These are chat archives for HdrHistogram/HdrHistogram

2nd
Jun 2017
Gil Tene
@giltene
Jun 02 2017 00:48
I'm playing with it, and so far I've run into inconsistency in tests that verify that v.getPercentile() in percentile-based iteration matches getValueAtPercentile().
Gil Tene
@giltene
Jun 02 2017 16:21
Argh!!!! (((100.0 19961)/20000) / 100.0) 20000) = 19961.000000000004
(((100.0 19961)/20000) / 100.0) 20000) = 19961.000000000004
I mean (((100.0 * 19961)/20000) / 100.0) * 20000) = 19961.000000000004
Which means that when computing the 99.805%'ile point in a histogram with 20000 values recorded (which is properly the 19961'th value) you get 19962'nd value if I use Math.ceil to compute the count boundary rather than rounding to nearest.
Gil Tene
@giltene
Jun 02 2017 16:29
This may not seem like a huge deal at first, but:
getPercentileAtOrBelowValue(histogram.getValueAtPercentile(99.8046875)) = 99.805
getPercentileAtOrBelowValue(histogram.getValueAtPercentile(99.805)) = 99.84
Gil Tene
@giltene
Jun 02 2017 16:34
Bottom line: due to FP rounding issues, it is hard to get consistent behavior for percentile math.
Alec
@ahothan
Jun 02 2017 17:12
It will be hard to enforce that invariant especially with variable size buckets. This could be a problem for unit testing with generated random percentile values (such as those that a tool like Hypothesis would generate). I'm not sure it really matters for real use cases. From what I can see most uses don't require such invariant. Maybe @Julian can comment on how important it is for that invariant to be met (or it is only for the sake of running Hypothesis).
Julian Berman
@Julian
Jun 02 2017 22:01
@giltene @ahothan as a user, I think for me the important thing is understanding what guarantee exists
I interpreted what was there as "don't worry, you'll never be off by more than 0.1%"

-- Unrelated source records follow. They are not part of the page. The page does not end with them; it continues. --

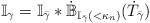
LaTeX: \begin{align*}\mathbb{I}_{\gamma} = \mathbb{I}_{\bar{\gamma}} \ast \dot{\mathbb{B}}_{\mathbb{I}_{\bar{\gamma}}(< \kappa_n)}(\dot{T}_{\bar{\gamma}})\end{align*}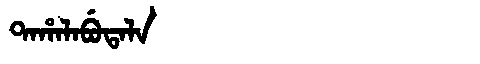
Manchu: ᡨᠠᡥᠠᠯᠠᠪᡠᡨᠠᠯᠠ
Romanization: TAHALABUTALA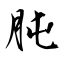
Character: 肫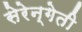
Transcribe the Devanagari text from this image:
सेरेन्गेती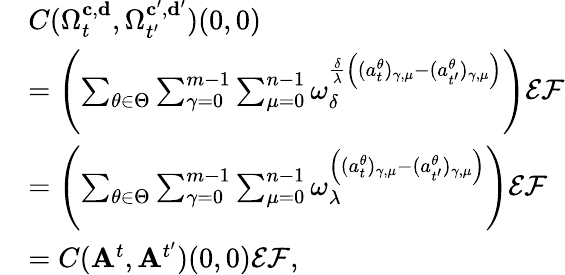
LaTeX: \begin{array}{rl}&{C(\Omega_{t}^{\mathbf{c},\mathbf{d}},\Omega_{t^{\prime}}^{\mathbf{c}^{\prime},\mathbf{d}^{\prime}})(0,0)}\\ &{=\left(\sum_{\theta\in\Theta}\sum_{\gamma=0}^{m-1}\sum_{\mu=0}^{n-1}\omega_{\delta}^{\frac{\delta}{\lambda}\left((a_{t}^{\theta})_{\gamma,\mu}-(a_{t^{\prime}}^{\theta})_{\gamma,\mu}\right)}\right)\mathcal{E}\mathcal{F}}\\ &{=\left(\sum_{\theta\in\Theta}\sum_{\gamma=0}^{m-1}\sum_{\mu=0}^{n-1}\omega_{\lambda}^{\left((a_{t}^{\theta})_{\gamma,\mu}-(a_{t^{\prime}}^{\theta})_{\gamma,\mu}\right)}\right)\mathcal{E}\mathcal{F}}\\ &{=C(\mathbf{A}^{t},\mathbf{A}^{t^{\prime}})(0,0)\mathcal{E}\mathcal{F},}\end{array}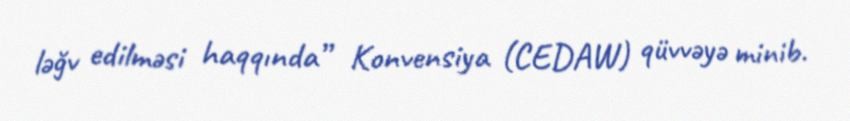
ləğv edilməsi haqqında” Konvensiya (CEDAW) qüvvəyə minib.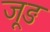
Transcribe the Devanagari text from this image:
जूङ

But yeah what I'm actually after is something precise telling me how accurate to expect to be
(And then Hypothesis would let me / us guarantee it's met)
Because right now I think I can generate datasets that will have arbitrarily large errors right? I stopped playing with things yesterday but I can attach some code if that'd help?
I'm also having trouble reading / understanding @giltene 's post probably because of fun gitter formatting things
Julian @Julian tries harder :)
Julian Berman
@Julian
Jun 02 2017 22:07
haha ok now I see, it's 3 attempts at typing the same thing, not 3 examples :P
Alec
@ahothan
Jun 02 2017 23:18
@julian, do you actually have a real use case? One example where deviating too much would actually matter? Some concrete requirements? I've been using hdrhistogram for other purpose (performance benchmarking for data plane - packet throughput and latency) and could not care less about that invariant because it is precise enough to do my job.
Gil Tene
@giltene
Jun 02 2017 23:59
The numbers above are from an actual histogram that was already there in the Java unit tests. The "accuracy" is not my main concern, it's the lack of circular consistency that bothers me. I feed in one percentile (99.8046875% naturally occurs in percentile iteration, such as what you find when printing percentile distributions), and get a value that correctly covers a slightly larger percentile (99.805%) because the bucket the specific percentile I asked for hits in goes up to the higher percentile. That's fine, but when I use that percentile back, it goes one bucket farther, which means that I now see two different, non-equivalent values for the same percentile: one that told me it's percentile is 99.805%, and a different one that that I get if I ask the for 99.805%'ile value. The fact that the two are not equal is a problem IMO, as that can mess with logic in all sorts of places.